**WHAT YOU NEED TO DO:** Lines before the one with "අතිරේක ශබ්ද - ප්‍රේමසිරි පෙරේරා" are left out; return that line and all that follow it, exactly, through the end of the data.
┌─ DATA EXTRACTS
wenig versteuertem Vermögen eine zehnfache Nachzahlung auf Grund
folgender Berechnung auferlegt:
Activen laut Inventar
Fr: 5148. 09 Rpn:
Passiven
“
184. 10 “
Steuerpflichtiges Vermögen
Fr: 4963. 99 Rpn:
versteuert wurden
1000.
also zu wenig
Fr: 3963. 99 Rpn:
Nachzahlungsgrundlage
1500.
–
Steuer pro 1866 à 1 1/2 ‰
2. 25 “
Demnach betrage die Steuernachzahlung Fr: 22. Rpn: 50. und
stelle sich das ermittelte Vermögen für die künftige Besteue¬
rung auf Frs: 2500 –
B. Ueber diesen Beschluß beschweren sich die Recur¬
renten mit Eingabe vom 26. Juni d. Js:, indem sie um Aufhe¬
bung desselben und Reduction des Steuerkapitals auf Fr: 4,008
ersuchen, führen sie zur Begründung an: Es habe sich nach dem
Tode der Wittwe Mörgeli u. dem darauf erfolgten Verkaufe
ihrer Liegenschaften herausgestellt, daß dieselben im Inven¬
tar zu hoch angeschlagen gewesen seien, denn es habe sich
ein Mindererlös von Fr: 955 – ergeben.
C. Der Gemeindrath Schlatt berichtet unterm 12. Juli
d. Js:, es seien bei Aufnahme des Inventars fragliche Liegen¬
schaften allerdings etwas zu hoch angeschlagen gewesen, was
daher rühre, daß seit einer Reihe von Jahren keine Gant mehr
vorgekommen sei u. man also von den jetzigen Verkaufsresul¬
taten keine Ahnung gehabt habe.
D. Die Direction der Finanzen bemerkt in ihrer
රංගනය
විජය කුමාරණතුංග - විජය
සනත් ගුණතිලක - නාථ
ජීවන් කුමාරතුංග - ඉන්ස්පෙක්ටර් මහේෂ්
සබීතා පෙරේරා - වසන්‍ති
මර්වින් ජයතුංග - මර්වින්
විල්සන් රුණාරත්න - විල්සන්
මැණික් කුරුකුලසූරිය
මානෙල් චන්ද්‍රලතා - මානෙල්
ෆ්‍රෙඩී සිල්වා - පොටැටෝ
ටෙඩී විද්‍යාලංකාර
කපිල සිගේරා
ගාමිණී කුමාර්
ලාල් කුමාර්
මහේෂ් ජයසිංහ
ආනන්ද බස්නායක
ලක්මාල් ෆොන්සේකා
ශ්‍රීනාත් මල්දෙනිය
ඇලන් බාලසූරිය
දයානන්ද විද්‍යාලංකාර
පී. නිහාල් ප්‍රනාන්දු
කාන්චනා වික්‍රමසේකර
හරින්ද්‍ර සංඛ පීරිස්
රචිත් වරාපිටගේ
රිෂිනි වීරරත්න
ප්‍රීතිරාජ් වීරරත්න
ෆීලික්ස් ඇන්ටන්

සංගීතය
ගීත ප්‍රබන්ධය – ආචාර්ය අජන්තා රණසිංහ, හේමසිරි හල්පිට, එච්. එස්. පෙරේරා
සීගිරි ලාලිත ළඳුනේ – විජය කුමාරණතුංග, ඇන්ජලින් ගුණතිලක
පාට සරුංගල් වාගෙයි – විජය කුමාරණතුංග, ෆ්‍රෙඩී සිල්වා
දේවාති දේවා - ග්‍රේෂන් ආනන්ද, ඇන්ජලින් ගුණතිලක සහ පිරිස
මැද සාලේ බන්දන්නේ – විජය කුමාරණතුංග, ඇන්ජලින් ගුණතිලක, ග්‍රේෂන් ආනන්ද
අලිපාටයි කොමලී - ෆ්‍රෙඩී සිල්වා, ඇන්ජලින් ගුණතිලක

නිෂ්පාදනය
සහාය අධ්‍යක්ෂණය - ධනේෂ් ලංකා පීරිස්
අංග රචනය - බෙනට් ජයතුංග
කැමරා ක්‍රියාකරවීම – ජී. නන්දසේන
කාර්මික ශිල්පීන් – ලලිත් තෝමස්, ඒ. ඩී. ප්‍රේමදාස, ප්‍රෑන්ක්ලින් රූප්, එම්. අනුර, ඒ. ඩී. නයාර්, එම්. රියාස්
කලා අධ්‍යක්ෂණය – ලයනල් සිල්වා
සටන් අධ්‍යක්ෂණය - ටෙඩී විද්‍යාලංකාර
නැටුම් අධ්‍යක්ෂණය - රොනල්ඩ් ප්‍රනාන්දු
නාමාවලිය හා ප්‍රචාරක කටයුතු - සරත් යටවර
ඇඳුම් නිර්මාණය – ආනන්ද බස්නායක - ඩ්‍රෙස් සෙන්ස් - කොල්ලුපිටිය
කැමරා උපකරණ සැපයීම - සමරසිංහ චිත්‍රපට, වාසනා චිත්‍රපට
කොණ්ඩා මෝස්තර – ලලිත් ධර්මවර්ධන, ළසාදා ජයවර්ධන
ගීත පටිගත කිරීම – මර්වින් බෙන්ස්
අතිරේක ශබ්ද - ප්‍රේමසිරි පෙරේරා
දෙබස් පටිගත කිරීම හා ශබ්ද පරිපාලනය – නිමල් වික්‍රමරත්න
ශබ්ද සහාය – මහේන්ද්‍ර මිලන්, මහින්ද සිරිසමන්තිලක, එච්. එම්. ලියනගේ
└─
**RESPONSE FOR THIS EXERCISE:**
අතිරේක ශබ්ද - ප්‍රේමසිරි පෙරේරා
දෙබස් පටිගත කිරීම හා ශබ්ද පරිපාලනය – නිමල් වික්‍රමරත්න
ශබ්ද සහාය – මහේන්ද්‍ර මිලන්, මහින්ද සිරිසමන්තිලක, එච්. එම්. ලියනගේ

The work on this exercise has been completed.